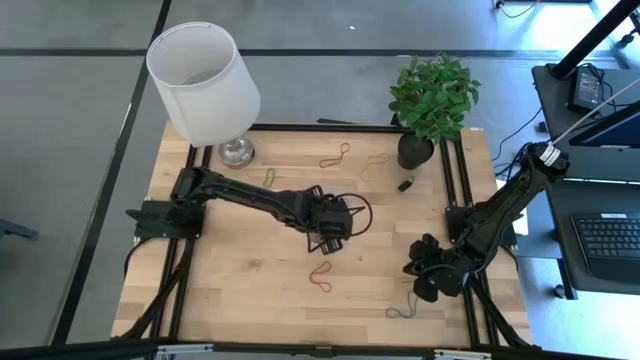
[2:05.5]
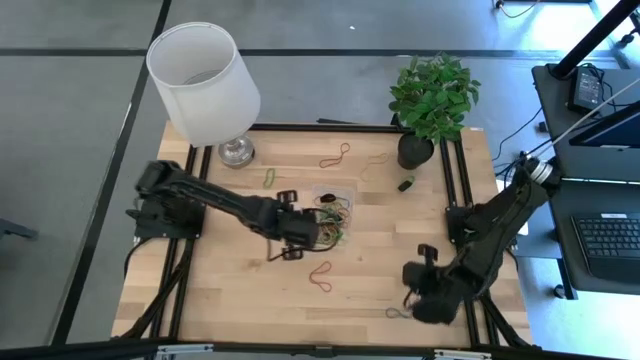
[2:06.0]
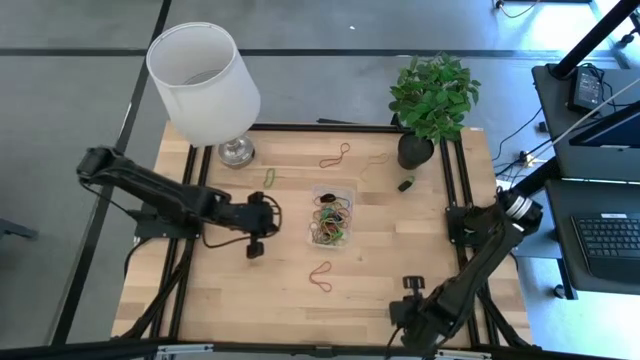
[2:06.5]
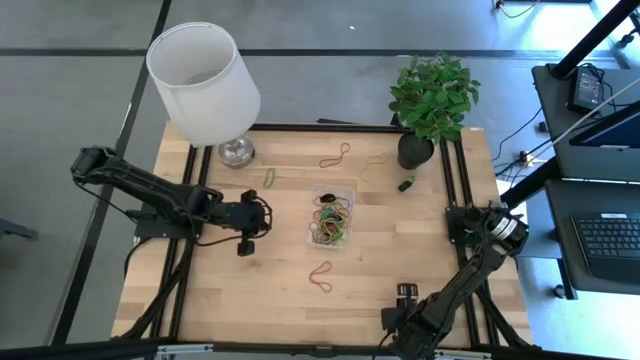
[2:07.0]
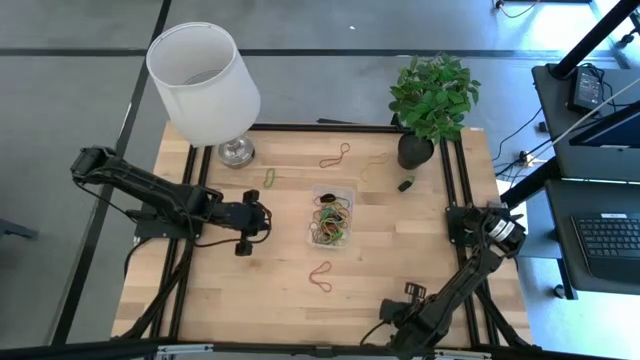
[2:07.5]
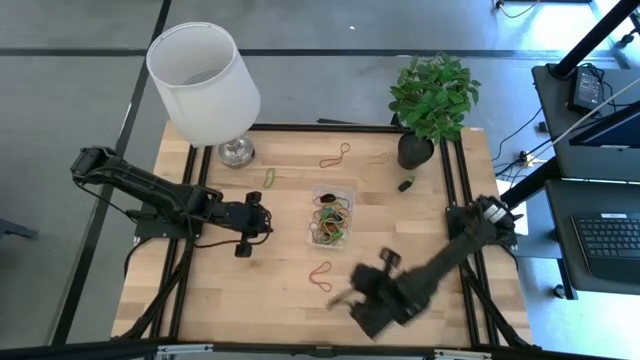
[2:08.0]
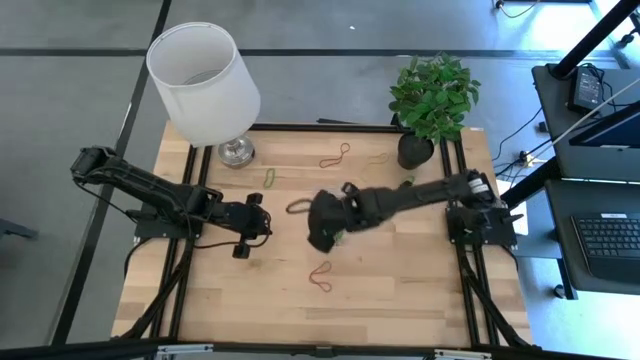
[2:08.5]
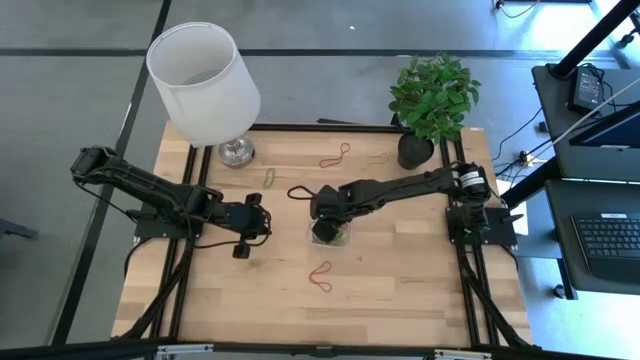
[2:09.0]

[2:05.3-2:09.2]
Put the blue rubber band into the bin
========================
**Aim of the exercise**
A faithful copy of every record is needed here. Leave the images out of it.

**Response to this exercise**
[2:05.5]
[2:06.0]
[2:06.5]
[2:07.0]
[2:07.5]
[2:08.0]
[2:08.5]
[2:09.0]

[2:05.3-2:09.2]
Put the blue rubber band into the bin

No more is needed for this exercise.